▶ What is being asked
What lines of the material hold the string "dispensaries"? Pull each of them out.

▶ Given data
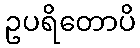
ဥပရိတောပိ
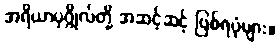
အရိယာပုဂ္ဂိုလ်တို့ အဆင့်ဆင့် ဖြစ်ရပုံများ။
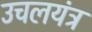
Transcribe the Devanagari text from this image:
उचलयंत्र
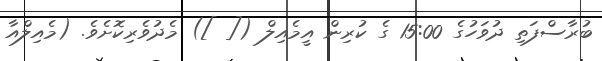
ބުރާސްފަތި ދުވަހުގެ 15:00 ގެ ކުރިން އީމެއިލް ([ ]) މެދުވެރިކޮށެވެ. (މެއިލްއާ
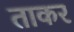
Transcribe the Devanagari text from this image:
ताकर
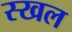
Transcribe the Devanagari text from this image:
स्खल
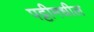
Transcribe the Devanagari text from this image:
पट्टीमधील
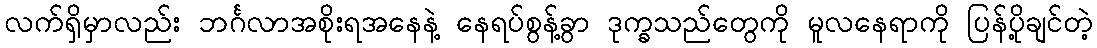
လက်ရှိမှာလည်း ဘင်္ဂလာအစိုးရအနေနဲ့ နေရပ်စွန့်ခွာ ဒုက္ခသည်တွေကို မူလနေရာကို ပြန်ပို့ချင်တဲ့
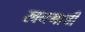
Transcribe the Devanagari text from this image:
खनगानी
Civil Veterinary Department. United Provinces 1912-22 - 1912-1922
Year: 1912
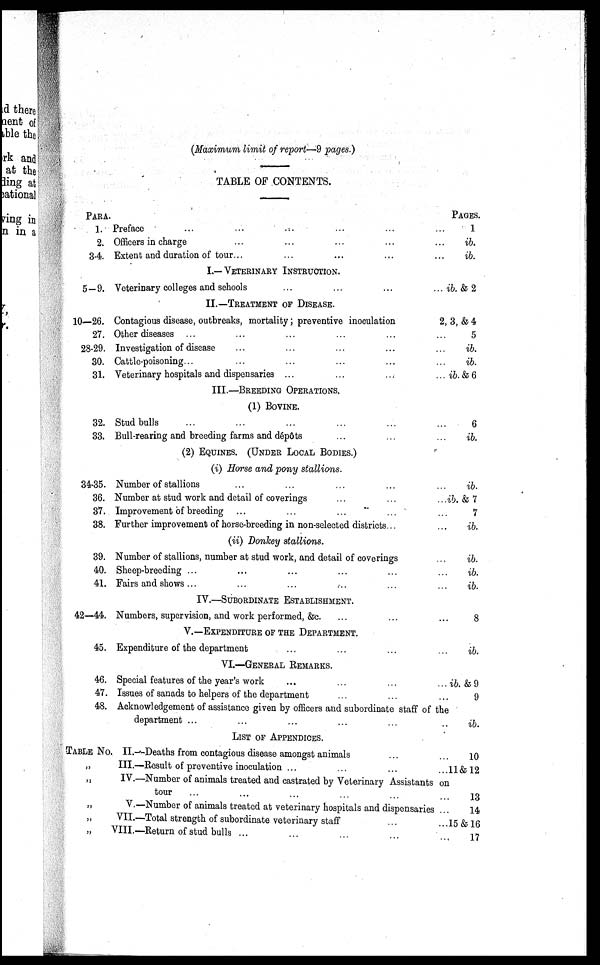
(Maximum limit of report—9 pages.)
TABLE OF CONTENTS.
PARA.
1.
2.
3-4.
5-9.
10—26.
27.
28-29.
30.
31.
32.
33.
34-35.
36.
37.
38.
39.
40.
41.
42-44.
45.
46.
47.
48.
Preface ... ... ... ...
Officers in charge ... ... ... ... ...
Extent and duration of tour ... ... ... ... ...
I.— VETERINARY INSTRUCTION.
Veterinary colleges and schools ... ... ... ...
II.—TREATMENT OF DISEASE.
Contagious disease, outbreaks, mortality; preventive inoculation
Other diseases ... ... ... ...
Investigation of disease ... ... ... ... ...
Cattle-poisoning ... ... ... ... ...
Veterinary hospitals and dispensaries ... ... ... ...
III.—BREEDING OPERATIONS.
(1) BOVINE.
Stud bulls ... ... ... ... ... ...
Bull-rearing and breeding farms and dépôts ... ... ...
(2) EQUINES. (UNDER LOCAL BODIES.)
(i) Horse and pony stallions.
Number of stallions ... ... ... ... ...
Number at stud work and detail of coverings ... ... ...
Improvement of breeding ... ... ... ... ...
Further improvement of horse-breeding in non-selected districts. ...
(ii) Donkey stallions.
Number of stallions, number at stud work, and detail of coverings ...
Sheep-breeding ... ... ... ... ... ...
Fairs and shows ... ... ... ... ... ...
IV.—SUBORDINATE ESTABLISHMENT.
Numbers, supervision, and work performed, &c. ... ... ...
V.—EXPENDITURE OF THE DEPARTMENT.
Expenditure of the department ... ... ... ...
VI.—GENERAL REMARKS.
Special features of the year's work ... ... ... ...
Issues of sanads to helpers of the department ... ... ...
Acknowledgement of assistance given by officers and subordinate staff of the
department ... ... ... ... ... ...
LIST OF APPENDICES.
TABLE No. II.—Deaths from contagious disease amongst animals ... ...
„
„
„
„
„
III.—Result of preventive inoculation ... ... ... ...
IV.—Number of animals treated and castrated by Veterinary Assistants on
tour ... ... ... ... ... ...
V.—Number of animals treated at veterinary hospitals and dispensaries
VII.—Total strength of subordinate veterinary stuff ... ...
VIII.—Return of stud bulls ... ... ... ... ...
PAGES.
1
ib.
ib.
ib. & 2
2, 3, & 4
5
ib.
ib.
ib.& 6
6
ib.
ib.
ib. & 7
7
ib.
ib.
ib.
ib.
8
ib.
ib. & 9
9
ib.
10
11&12
13
14
15 & 16
17
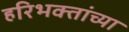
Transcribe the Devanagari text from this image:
हरिभक्तांच्या
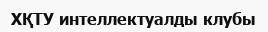
ХҚТУ интеллектуалды клубы
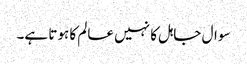
سوال جاہل کا نہیں عالم کا ہوتا ہے۔
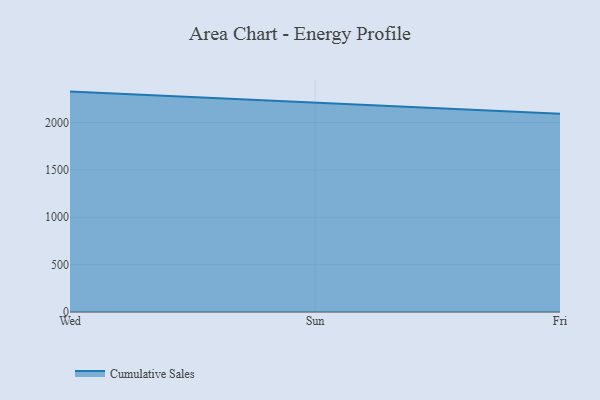
{"axis": {"x": "Day", "y": "Churn Rate (%)"}, "legend": ["Cumulative Sales"], "data": [{"x": "Wed", "y": 2326.5, "type": "Cumulative Sales"}, {"x": "Sun", "y": 2208.8, "type": "Cumulative Sales"}, {"x": "Fri", "y": 2093.3, "type": "Cumulative Sales"}]}

▶ Answer to this task
Veterinary hospitals and dispensaries ... ... ... ...
V.—Number of animals treated at veterinary hospitals and dispensaries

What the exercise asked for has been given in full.